## Exercise aim
Print each record below precisely, with every picture left out of the copy.

## Supplied records
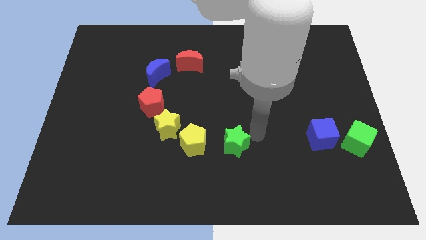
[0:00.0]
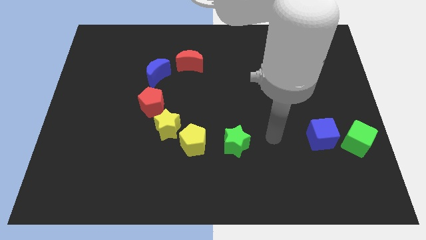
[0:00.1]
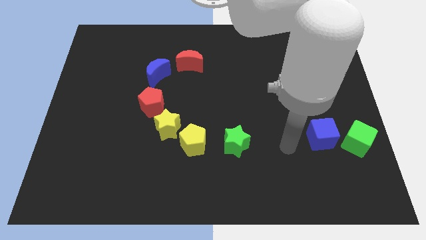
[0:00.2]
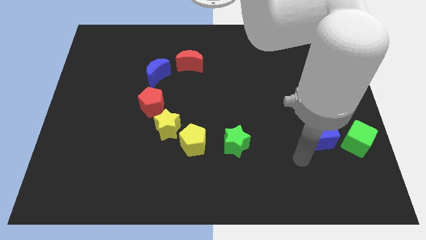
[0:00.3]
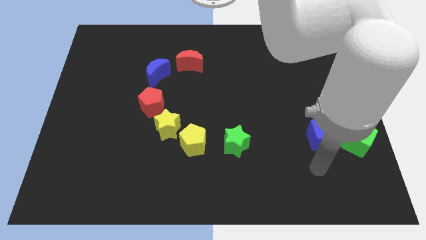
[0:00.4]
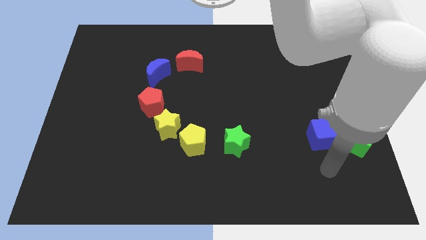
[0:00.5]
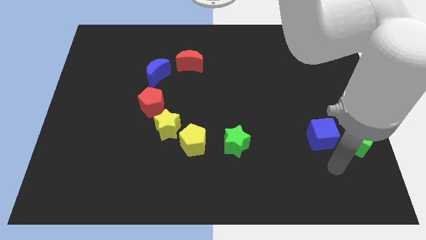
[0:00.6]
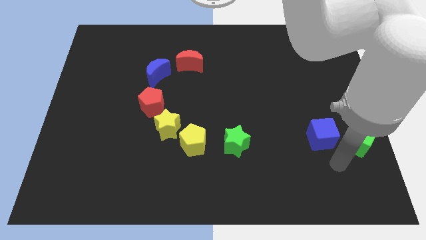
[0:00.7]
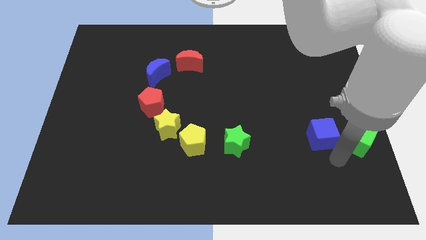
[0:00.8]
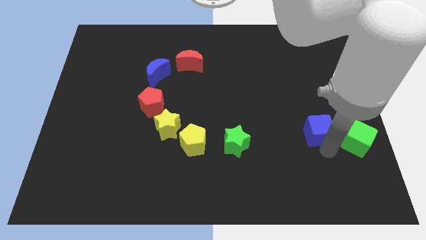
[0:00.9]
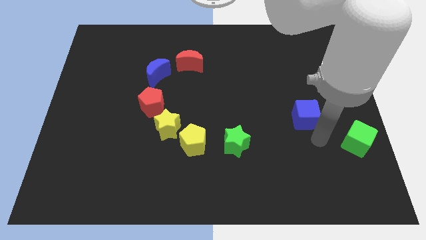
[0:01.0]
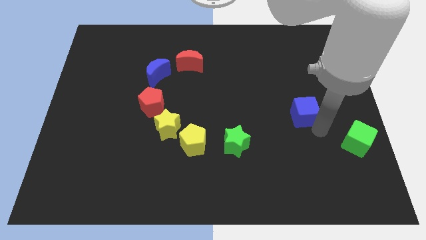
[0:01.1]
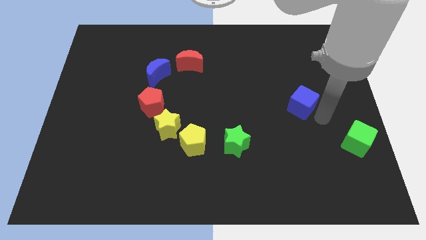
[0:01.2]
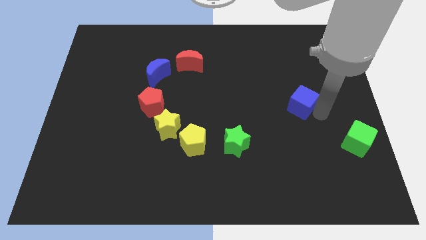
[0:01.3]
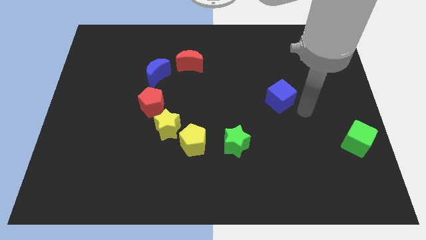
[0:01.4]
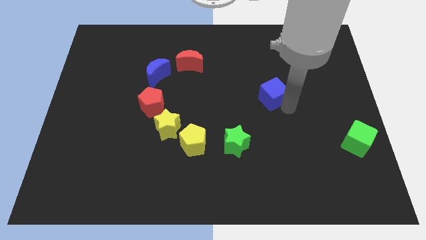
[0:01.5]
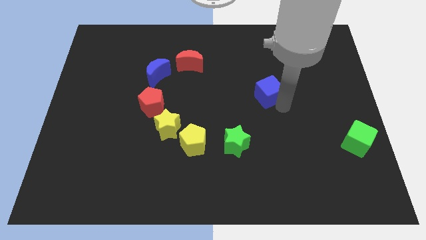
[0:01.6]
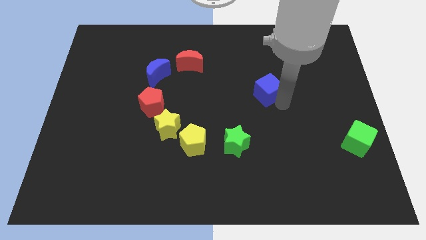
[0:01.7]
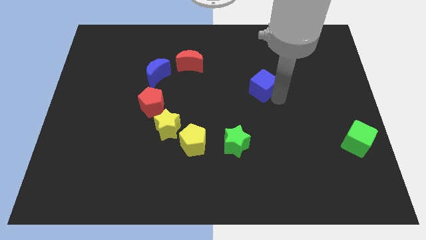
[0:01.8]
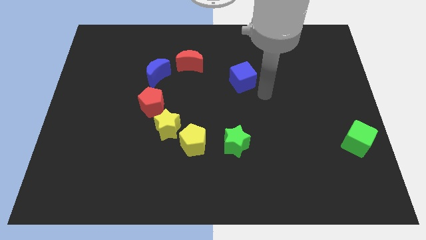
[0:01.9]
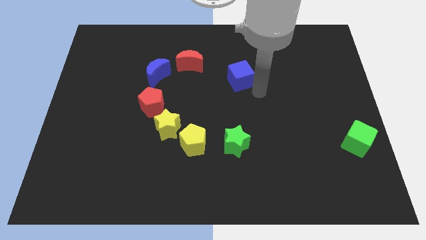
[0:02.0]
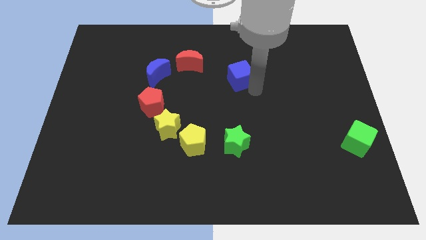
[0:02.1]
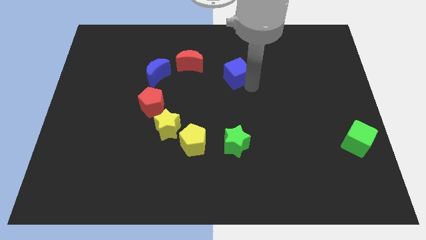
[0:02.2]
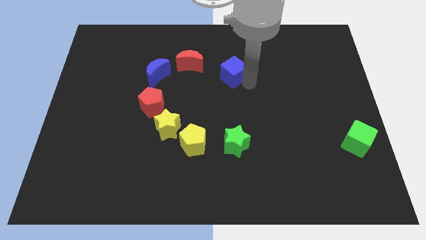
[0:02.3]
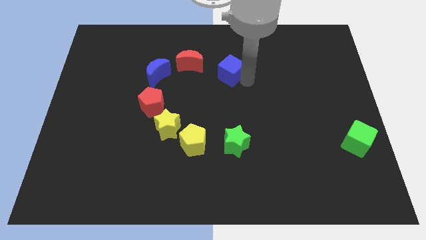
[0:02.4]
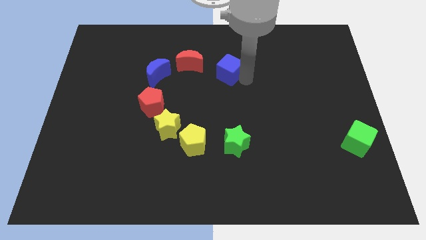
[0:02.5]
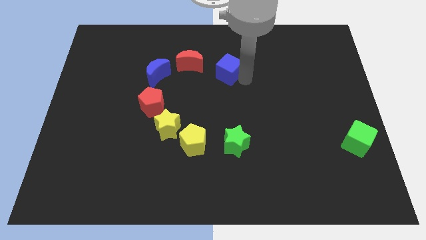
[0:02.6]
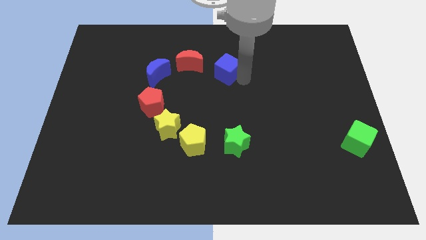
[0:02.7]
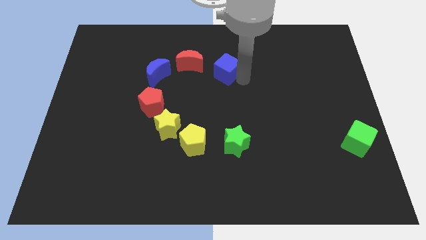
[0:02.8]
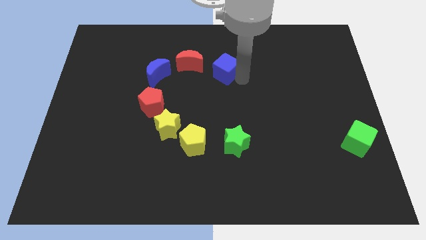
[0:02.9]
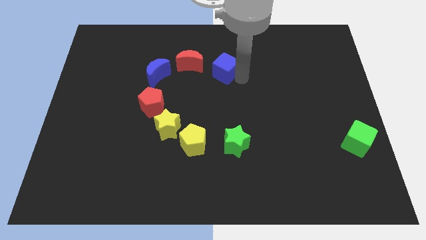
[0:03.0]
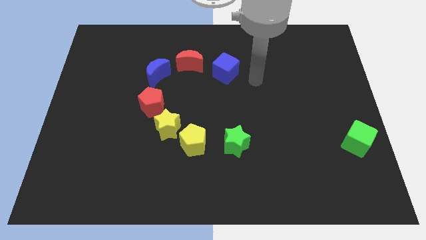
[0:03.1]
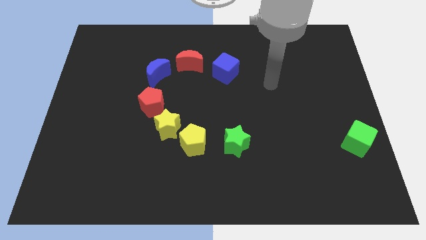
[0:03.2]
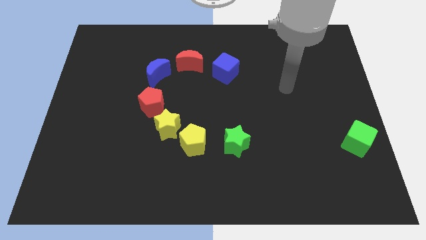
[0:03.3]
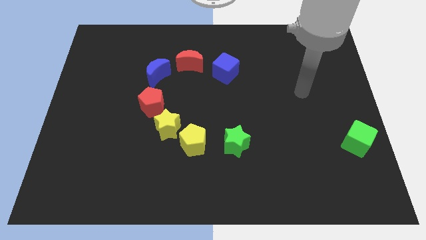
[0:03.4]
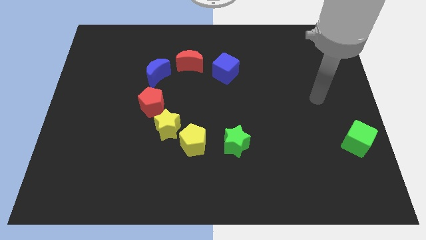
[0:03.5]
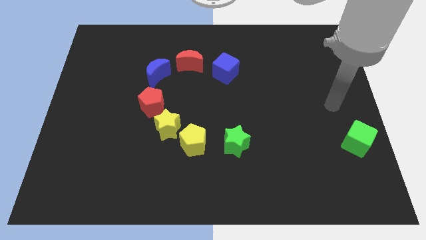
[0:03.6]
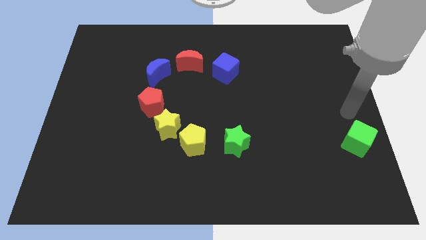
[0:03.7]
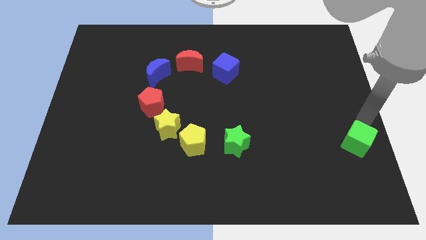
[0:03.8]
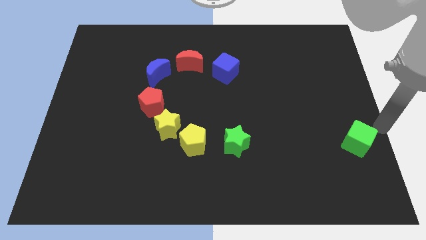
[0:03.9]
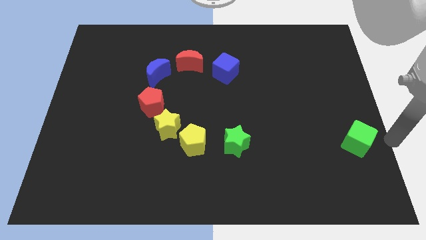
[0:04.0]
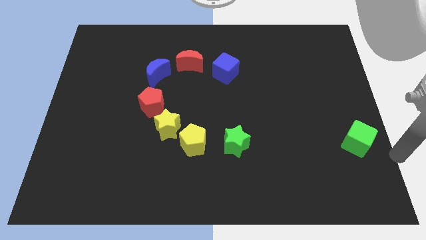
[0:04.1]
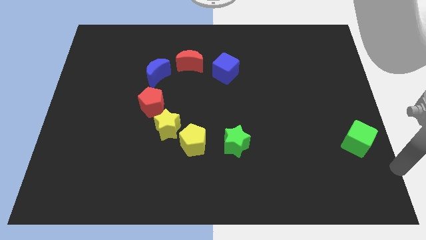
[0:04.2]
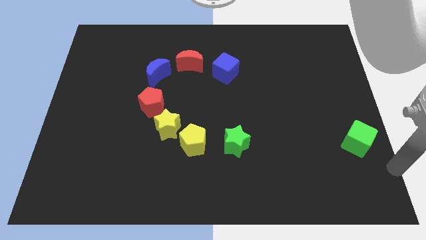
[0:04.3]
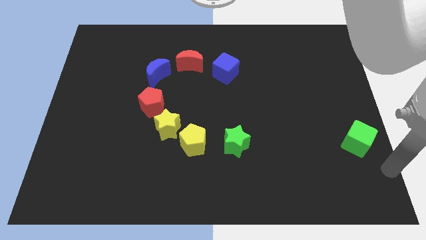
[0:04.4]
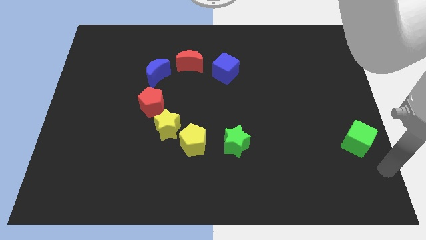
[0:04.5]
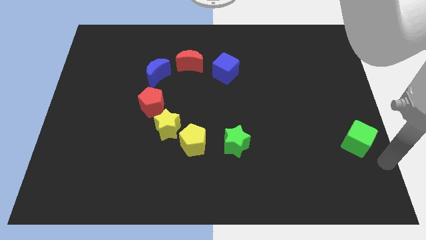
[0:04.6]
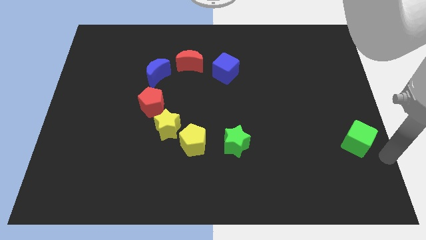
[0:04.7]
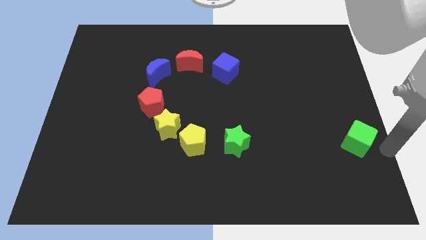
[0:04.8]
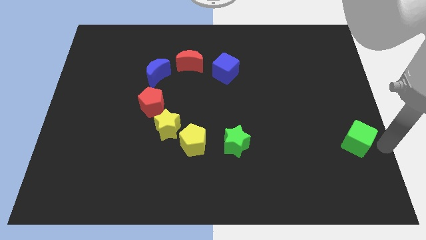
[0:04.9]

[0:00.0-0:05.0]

## Answer to this exercise
[0:00.0]
[0:00.1]
[0:00.2]
[0:00.3]
[0:00.4]
[0:00.5]
[0:00.6]
[0:00.7]
[0:00.8]
[0:00.9]
[0:01.0]
[0:01.1]
[0:01.2]
[0:01.3]
[0:01.4]
[0:01.5]
[0:01.6]
[0:01.7]
[0:01.8]
[0:01.9]
[0:02.0]
[0:02.1]
[0:02.2]
[0:02.3]
[0:02.4]
[0:02.5]
[0:02.6]
[0:02.7]
[0:02.8]
[0:02.9]
[0:03.0]
[0:03.1]
[0:03.2]
[0:03.3]
[0:03.4]
[0:03.5]
[0:03.6]
[0:03.7]
[0:03.8]
[0:03.9]
[0:04.0]
[0:04.1]
[0:04.2]
[0:04.3]
[0:04.4]
[0:04.5]
[0:04.6]
[0:04.7]
[0:04.8]
[0:04.9]

[0:00.0-0:05.0]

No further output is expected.